## Exercise
Copy exactly the lines that run from the one containing "[00:00:00.000-00:00:03.100]" through the end of the entries, both ends included.
Records shown Block Start
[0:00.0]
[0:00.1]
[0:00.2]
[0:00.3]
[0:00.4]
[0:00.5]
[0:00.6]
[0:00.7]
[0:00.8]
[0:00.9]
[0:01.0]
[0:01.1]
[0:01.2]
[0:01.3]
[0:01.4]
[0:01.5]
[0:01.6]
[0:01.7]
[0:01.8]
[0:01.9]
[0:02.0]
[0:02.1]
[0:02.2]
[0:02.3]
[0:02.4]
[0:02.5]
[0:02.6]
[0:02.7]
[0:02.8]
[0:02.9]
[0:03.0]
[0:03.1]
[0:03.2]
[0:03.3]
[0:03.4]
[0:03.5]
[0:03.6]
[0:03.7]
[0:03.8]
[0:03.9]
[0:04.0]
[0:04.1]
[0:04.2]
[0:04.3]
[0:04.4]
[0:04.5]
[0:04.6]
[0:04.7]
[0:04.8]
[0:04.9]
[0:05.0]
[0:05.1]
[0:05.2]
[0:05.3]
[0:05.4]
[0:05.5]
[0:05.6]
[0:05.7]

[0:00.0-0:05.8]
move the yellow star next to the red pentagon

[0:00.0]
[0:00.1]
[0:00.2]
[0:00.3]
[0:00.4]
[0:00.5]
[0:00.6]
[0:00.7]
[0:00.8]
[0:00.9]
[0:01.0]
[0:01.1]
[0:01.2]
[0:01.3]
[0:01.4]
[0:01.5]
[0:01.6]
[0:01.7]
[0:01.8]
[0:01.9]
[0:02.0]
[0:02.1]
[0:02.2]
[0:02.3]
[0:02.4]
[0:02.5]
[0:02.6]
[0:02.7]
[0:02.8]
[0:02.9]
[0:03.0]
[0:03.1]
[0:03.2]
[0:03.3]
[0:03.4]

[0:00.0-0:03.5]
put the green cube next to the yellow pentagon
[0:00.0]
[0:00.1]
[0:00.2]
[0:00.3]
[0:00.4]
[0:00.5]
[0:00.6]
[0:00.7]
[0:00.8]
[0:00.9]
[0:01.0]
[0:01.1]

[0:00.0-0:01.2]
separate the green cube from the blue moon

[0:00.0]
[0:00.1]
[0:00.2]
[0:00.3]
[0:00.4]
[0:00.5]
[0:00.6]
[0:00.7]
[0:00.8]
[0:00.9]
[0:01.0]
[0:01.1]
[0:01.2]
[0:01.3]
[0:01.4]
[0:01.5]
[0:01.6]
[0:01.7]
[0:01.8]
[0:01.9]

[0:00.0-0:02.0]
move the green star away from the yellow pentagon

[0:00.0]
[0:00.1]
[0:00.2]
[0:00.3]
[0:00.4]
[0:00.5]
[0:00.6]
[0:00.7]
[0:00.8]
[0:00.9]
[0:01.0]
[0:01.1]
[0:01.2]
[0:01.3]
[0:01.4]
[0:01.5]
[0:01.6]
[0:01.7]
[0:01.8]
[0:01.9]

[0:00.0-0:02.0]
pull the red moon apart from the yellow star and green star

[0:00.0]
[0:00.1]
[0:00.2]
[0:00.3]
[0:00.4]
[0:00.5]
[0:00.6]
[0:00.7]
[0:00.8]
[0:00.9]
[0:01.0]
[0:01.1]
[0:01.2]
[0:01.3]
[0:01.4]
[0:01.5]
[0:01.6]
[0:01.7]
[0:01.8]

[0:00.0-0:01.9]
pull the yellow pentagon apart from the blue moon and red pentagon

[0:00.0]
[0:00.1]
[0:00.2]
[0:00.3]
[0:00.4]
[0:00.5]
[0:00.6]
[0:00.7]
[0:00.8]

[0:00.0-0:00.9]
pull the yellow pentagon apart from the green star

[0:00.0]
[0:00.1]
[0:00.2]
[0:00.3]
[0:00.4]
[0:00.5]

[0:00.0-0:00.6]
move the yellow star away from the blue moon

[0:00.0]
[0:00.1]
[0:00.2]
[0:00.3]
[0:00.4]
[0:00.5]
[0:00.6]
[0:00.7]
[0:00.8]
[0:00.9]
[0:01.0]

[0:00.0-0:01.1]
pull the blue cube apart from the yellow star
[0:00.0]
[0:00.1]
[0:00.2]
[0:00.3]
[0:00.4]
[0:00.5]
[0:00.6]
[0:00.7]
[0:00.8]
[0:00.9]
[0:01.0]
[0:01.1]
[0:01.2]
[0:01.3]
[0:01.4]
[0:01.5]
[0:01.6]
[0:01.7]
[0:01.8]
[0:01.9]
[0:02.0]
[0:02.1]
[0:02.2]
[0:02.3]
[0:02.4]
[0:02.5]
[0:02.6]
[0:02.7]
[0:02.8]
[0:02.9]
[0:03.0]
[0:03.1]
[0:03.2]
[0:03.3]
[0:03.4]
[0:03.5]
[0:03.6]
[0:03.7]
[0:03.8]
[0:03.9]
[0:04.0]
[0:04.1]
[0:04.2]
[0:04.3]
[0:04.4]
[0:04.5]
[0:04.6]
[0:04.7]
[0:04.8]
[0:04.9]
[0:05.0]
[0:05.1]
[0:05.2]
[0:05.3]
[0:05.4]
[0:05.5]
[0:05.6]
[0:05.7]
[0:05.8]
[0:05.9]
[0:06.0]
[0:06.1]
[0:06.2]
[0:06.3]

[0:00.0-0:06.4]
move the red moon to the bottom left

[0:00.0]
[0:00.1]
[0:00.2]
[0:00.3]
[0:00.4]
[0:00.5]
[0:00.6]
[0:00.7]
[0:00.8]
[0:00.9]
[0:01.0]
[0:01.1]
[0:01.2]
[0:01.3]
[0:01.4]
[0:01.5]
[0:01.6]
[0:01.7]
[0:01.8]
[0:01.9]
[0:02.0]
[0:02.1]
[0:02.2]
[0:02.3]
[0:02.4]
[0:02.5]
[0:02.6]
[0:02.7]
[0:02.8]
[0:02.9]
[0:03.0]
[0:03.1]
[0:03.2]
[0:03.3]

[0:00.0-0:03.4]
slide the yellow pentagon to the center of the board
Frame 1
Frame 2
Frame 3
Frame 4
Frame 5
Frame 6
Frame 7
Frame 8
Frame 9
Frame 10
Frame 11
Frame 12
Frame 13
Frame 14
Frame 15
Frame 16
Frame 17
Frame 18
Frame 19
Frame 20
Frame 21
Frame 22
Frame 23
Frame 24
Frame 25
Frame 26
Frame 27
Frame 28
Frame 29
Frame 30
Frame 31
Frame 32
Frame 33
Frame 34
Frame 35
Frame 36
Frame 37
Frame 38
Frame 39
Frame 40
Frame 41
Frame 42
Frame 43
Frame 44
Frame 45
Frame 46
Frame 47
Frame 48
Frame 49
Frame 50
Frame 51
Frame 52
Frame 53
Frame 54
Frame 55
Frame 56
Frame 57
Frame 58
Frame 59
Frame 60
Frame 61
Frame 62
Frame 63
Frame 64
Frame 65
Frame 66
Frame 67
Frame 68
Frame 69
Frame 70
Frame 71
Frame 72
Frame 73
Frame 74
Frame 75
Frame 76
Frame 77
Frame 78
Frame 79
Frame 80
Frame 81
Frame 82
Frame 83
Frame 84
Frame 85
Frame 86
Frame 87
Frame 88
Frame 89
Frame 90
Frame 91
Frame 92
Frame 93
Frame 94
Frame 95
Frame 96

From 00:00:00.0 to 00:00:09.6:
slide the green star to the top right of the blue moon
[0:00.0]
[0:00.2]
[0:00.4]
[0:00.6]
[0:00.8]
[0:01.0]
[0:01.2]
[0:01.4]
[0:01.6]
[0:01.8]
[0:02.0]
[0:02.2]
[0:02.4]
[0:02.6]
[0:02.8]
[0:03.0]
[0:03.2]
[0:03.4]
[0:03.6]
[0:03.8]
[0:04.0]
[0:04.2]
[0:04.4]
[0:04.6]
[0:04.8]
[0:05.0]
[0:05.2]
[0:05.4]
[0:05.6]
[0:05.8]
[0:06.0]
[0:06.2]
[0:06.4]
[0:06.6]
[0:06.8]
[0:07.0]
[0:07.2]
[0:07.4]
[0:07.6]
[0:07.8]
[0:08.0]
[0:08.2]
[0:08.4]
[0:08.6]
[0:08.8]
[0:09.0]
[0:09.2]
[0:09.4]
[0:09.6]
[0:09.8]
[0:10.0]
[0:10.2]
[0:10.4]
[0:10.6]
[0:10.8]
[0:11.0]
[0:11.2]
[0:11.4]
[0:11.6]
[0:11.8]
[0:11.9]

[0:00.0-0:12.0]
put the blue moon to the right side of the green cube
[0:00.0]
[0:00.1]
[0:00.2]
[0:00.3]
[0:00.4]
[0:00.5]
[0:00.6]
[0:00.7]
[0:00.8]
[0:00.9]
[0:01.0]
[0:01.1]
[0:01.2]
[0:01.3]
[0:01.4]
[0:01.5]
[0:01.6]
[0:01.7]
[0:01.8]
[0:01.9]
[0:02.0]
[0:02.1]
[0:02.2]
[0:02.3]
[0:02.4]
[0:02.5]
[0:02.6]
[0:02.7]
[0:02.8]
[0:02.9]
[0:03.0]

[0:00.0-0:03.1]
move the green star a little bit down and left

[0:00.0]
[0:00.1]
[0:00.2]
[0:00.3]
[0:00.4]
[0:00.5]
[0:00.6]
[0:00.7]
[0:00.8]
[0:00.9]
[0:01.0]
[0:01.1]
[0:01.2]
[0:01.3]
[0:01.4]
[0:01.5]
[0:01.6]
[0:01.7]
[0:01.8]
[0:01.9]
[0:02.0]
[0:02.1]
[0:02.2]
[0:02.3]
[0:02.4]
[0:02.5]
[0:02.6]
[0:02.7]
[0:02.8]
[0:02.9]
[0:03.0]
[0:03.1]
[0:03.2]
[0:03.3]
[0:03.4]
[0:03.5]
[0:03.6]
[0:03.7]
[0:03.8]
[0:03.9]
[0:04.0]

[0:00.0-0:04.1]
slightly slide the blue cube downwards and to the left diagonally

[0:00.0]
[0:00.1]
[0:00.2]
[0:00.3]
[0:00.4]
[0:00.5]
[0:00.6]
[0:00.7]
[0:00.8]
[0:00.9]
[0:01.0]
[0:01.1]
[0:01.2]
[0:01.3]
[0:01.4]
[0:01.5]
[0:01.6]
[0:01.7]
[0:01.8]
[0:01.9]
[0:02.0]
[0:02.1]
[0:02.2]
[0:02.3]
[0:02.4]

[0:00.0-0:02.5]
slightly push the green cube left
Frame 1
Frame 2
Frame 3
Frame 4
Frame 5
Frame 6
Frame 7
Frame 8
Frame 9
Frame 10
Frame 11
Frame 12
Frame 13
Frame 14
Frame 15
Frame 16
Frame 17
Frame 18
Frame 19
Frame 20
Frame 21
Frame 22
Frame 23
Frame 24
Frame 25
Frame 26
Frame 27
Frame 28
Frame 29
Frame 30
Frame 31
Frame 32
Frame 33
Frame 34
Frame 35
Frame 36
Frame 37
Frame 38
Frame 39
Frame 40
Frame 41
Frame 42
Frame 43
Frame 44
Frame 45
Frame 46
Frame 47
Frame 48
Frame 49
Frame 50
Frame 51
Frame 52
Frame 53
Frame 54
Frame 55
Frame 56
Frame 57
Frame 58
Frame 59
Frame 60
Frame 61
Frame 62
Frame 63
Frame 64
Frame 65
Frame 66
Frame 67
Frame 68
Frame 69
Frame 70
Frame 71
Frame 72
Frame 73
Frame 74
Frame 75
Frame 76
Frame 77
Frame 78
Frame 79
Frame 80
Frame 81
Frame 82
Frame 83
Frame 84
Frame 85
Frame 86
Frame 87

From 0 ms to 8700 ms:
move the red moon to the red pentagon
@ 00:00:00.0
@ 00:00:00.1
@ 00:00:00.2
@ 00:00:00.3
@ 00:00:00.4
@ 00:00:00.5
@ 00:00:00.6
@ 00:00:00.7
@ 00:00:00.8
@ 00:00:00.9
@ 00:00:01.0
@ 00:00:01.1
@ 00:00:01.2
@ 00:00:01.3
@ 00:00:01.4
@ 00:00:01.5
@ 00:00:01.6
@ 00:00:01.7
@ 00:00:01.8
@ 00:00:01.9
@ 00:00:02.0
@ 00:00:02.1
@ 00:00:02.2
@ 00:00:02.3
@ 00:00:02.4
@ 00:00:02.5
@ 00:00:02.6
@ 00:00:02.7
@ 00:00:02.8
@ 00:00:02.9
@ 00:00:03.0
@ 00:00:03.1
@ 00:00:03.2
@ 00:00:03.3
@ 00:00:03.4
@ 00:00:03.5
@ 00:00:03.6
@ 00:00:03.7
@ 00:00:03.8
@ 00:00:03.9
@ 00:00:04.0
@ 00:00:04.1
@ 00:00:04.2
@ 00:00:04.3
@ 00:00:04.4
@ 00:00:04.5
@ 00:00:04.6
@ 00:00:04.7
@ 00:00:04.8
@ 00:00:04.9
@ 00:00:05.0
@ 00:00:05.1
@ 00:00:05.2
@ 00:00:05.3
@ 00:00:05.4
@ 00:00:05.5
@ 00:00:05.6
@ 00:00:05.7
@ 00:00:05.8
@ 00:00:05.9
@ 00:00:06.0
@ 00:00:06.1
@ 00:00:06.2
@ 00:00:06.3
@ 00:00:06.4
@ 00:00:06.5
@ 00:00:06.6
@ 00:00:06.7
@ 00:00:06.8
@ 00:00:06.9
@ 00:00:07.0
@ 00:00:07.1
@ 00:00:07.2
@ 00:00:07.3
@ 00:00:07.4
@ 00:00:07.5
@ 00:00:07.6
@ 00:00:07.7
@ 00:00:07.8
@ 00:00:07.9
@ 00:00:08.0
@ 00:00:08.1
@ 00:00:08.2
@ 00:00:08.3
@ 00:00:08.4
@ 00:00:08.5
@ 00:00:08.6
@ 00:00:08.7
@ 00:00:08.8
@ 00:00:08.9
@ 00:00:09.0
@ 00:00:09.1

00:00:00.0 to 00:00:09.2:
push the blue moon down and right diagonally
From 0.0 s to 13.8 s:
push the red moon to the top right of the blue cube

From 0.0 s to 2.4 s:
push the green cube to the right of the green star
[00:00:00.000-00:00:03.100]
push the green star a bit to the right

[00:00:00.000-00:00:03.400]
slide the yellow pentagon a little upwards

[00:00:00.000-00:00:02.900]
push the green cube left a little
Records shown Block End
## Expected answer
[00:00:00.000-00:00:03.100]
push the green star a bit to the right

[00:00:00.000-00:00:03.400]
slide the yellow pentagon a little upwards

[00:00:00.000-00:00:02.900]
push the green cube left a little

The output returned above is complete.